L'epitopo 6-Mer, ₁₉₆ NVSVLC _{201 <}/ Sub>, ha caratteristiche estremamente idrofobi, con quattro residui idrofobici, tra due valina (197 e 199), uno leucina (200), e una cisteina (201) (forma ridotta). Residui V197, V199 e C201 sono fondamentali per il riconoscimento RG-M56 mAb e vincolante, come determinato da alanina mutagenesi scansione. La regione epitopo era situato in uno degli otto anti-paralleli beta fili di dominio di shell (S-dominio) del NNV proteina di rivestimento ^16. È interessante notare che l'epitopo non appare sul dominio protrusione all'esterno, ma nasconde nella struttura gelatina extra della S-dominio sotto gli altri beta-fili anti-parallele. L'epitopo, con la sua alta idrofobicità, può ottenere un microambiente più stabile in questa depressione. Inoltre, il ₁₉₅ VNVSVLCR ₂₀₂ ³ peptide di questo epitopo è stato trovato per ostacolare la propagazione del gigante cernia virus della necrosi nervosa nelle cellule cerebrali cernia. Pertanto, questo epitopo peptide è stato suggerito essere un competitor coinvolti nel dominio recettoriale richiesto per l'ingresso del virus ^3. Si è ipotizzato che gli inibitori di ingresso peptide comprendente residui idrofobici e / o anfipatiche possono alterare la conformazione fisica e chimica delle interfacce membrane cellulari e possono ostacolare la fusione delle membrane cellulari e virali ^17. Inoltre, molti inibitori d'ingresso peptide sintetico hanno dimostrato forti proprietà di inibizione nei confronti di varie infezioni da virus ^{17, 18.} Così, il peptide epitopo identificato con residui idrofobici e forte inibizione voce contro l'infezione NNV può facilitare lo sviluppo di farmaci peptidici terapeutici.

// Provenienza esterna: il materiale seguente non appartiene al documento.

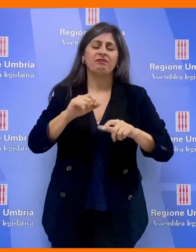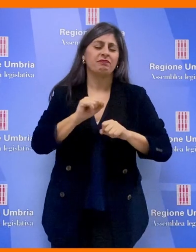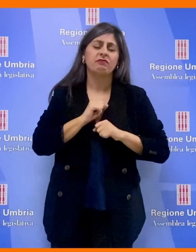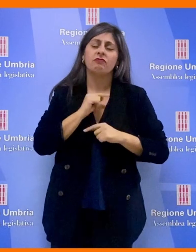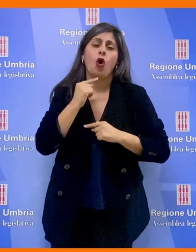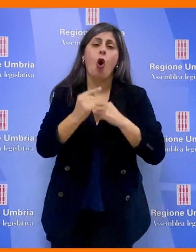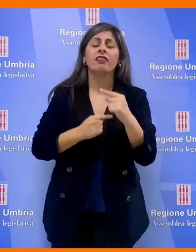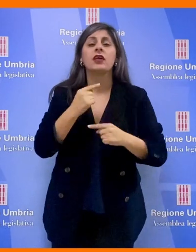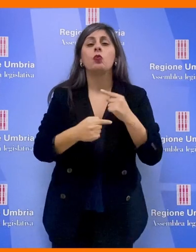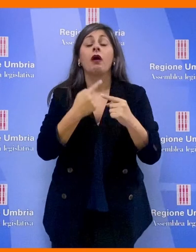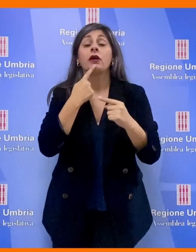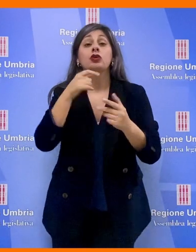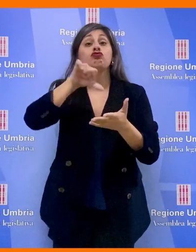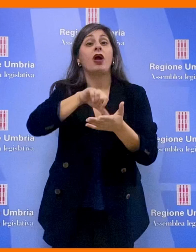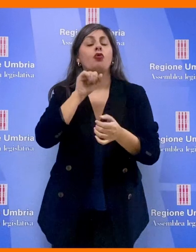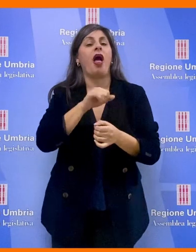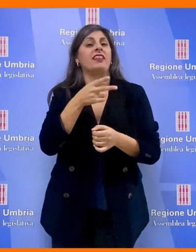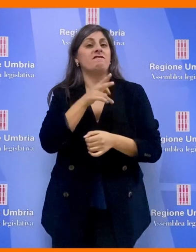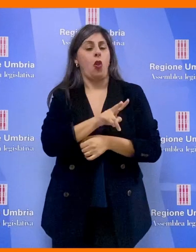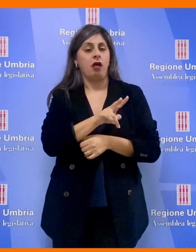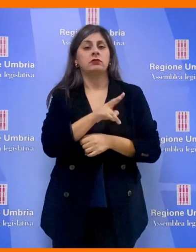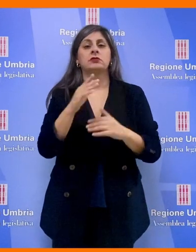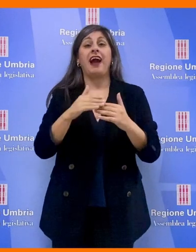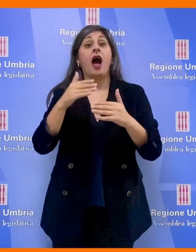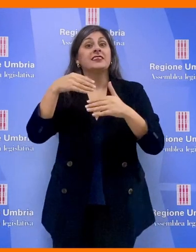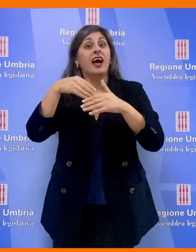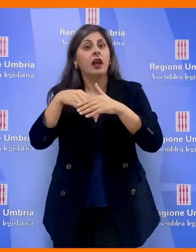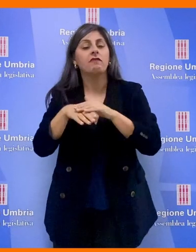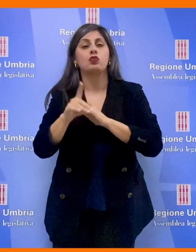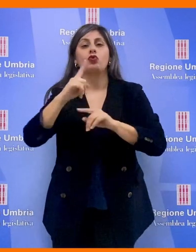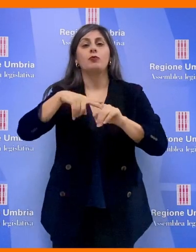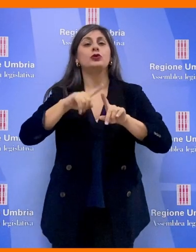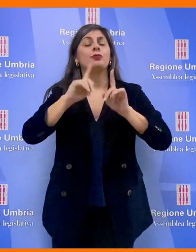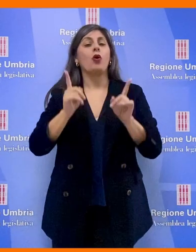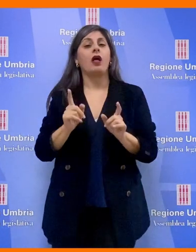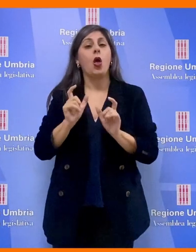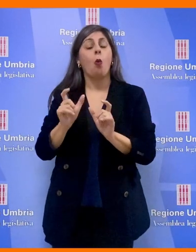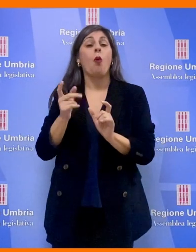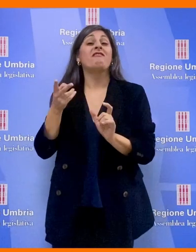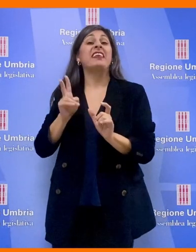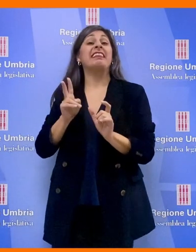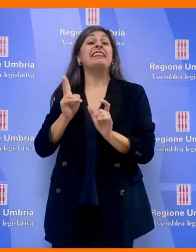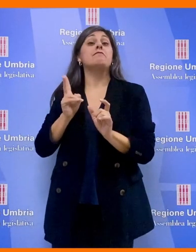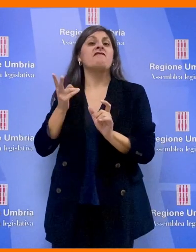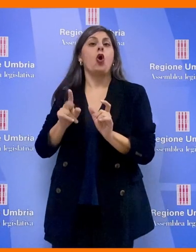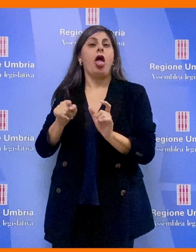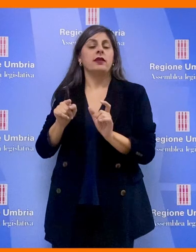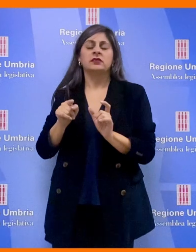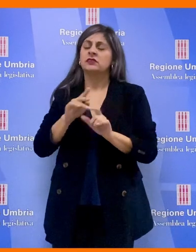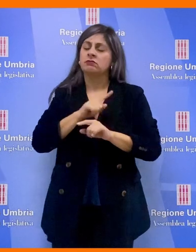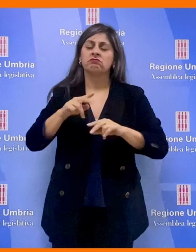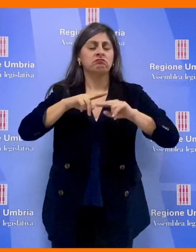affidabilità del servizio nei centri antiviolenza, delle case rifugio e degli sportelli dedicati alle vittime di violenza,

The authors have no conflicts of interest related to this report.

The authors thank Miss Ching-Chun Lin and Miss Diana Lin of the Core Facility of the Institute of Cellular and Organismic Biology (ICOB) of Academia Sinica for offering their expertise on peptide synthesis and DNA sequencing, respectively. This study was supported by Academia Sinica.